Posted by on September 25, 2008 in Blog

What is rarer, reversal due to the admission of hearsay or reversal due to prosecutorial misconduct? How about reversal for unpreserved hearsay violations? Or reversal for unpreserved prosecutorial misconduct?

In People v Ballerstein 2008 NY Slip Op 05127 [4th Dept 6/6/08], a decision sure to be cited often, the Fourth Department held that, despite not being preserved for review, the cumulative effect of evidentiary errors and prosecutorial misconduct deprived the defendant of his right to a fair trial and required reversal. The Court explained “we are mindful of our overriding responsibility’ to ensure that the cardinal right of a defendant to a fair trial’ is respected in every instance” (People v Wlasiuk, 32 AD3d 674, 675, lv dismissed 7 NY3d 871, quoting People v Crimmins, 36 NY2d 230, 238).
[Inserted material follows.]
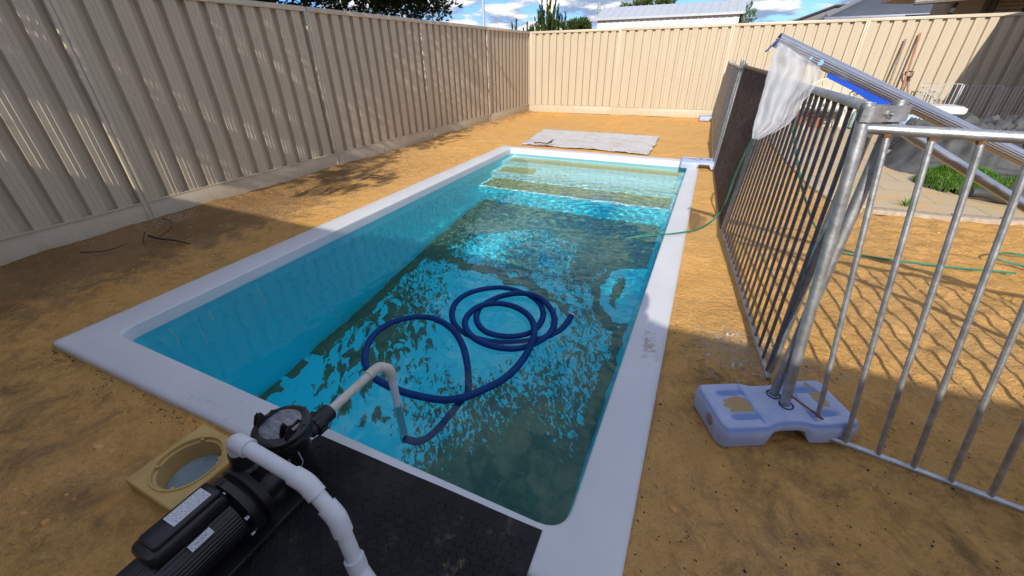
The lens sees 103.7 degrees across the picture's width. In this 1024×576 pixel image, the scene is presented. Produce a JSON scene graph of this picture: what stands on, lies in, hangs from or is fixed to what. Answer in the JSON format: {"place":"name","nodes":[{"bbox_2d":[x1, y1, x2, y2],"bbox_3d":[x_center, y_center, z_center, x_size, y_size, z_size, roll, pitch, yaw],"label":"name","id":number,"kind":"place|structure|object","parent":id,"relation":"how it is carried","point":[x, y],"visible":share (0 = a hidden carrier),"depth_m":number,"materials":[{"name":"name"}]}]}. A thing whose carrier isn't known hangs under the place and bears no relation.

Addressing first the cumulative effect of evidentiary errors, we agree with defendant that County Court erred in admitting hearsay, including excerpts from the victim’s diary, testimony relating to the victim’s menstruation, testimony from the ex-boyfriend of the victim’s mother concerning a videotape that he never viewed, and testimony from various witnesses concerning the victim’s allegations of sexual abuse. We note in particular that the court admitted in evidence the double hearsay testimony of the medical director of the Child Advocacy Center with respect to statements made by the victim to a nurse at the center when the medical director was not present, despite the fact that the court had granted defendant’s motion in limine seeking to preclude that testimony. Moreover, all of the victim’s statements made at the Child Advocacy Center were inadmissible because they were made during the course of a forensic examination and were not “relevant to diagnosis and treatment” [citations omitted]. The error in the admission of the victim’s statements made at the Child Advocacy Center was compounded by the improper admission of the medical director’s opinion testimony concerning the credibility of the victim’s statements. The opinion testimony of the medical director improperly intruded upon the function of the jury to determine whether to credit the victim’s statements (see People v Eberle, 265 AD2d 881, 882)…
With respect to the contention of defendant that he was denied a fair trial by prosecutorial misconduct, we agree with defendant that the prosecutor improperly appealed to the jurors’ sympathies in his opening statement (see People v Brown, 26 AD3d 392, 393). In addition, he improperly vouched for the credibility of the victim (see id.; People v George, 249 AD2d 488, lv denied 92 NY2d 879), and he engaged in misconduct by commenting on the credibility of an individual whom he did not intend to call as a witness. Further, throughout the trial, the prosecutor asked leading questions that circumvented unfavorable rulings of the court and introduced evidence that the court had precluded him from presenting. Finally, in his closing statement, the prosecutor made several “irrelevant comments which [had] no bearing on any legitimate issue in the case” (People v Ashwal, 39 NY2d 105, 109) and, in stating that “[p]rosecutors seek justice and juries deliver it in cases such as these,” he “exceed[ed] the bounds of legitimate advocacy” (People v Melendez, 11 AD3d 983, 984, lv denied 4 NY3d 888; see People v Benedetto, 294 AD2d 958, 959). Furthermore, the prosecutor impermissibly warned the jury not to “fall into the same trap the Department of Social Services has fallen into,” whereby the victim “got lost in the system.” “Such appeals to emotion tend to deflect the jurors’ attention from issues of fact on the question of guilt or innocence” (People v Bowie, 200 AD2d 511, 513, lv denied 83 NY2d 869), and cause them instead to focus on protecting the victim and correcting an alleged error in the child protective system (see generally People v Ivey, 83 AD2d 788, 789). We can only conclude herein that the prosecutor’s “inflammatory [comments had] a decided tendency to prejudice the jury against the defendant” (Ashwal, 39 NY2d at 110; see People v Carter, 31 AD3d 1167, 1169; People v Almethoky, 9 AD3d 882).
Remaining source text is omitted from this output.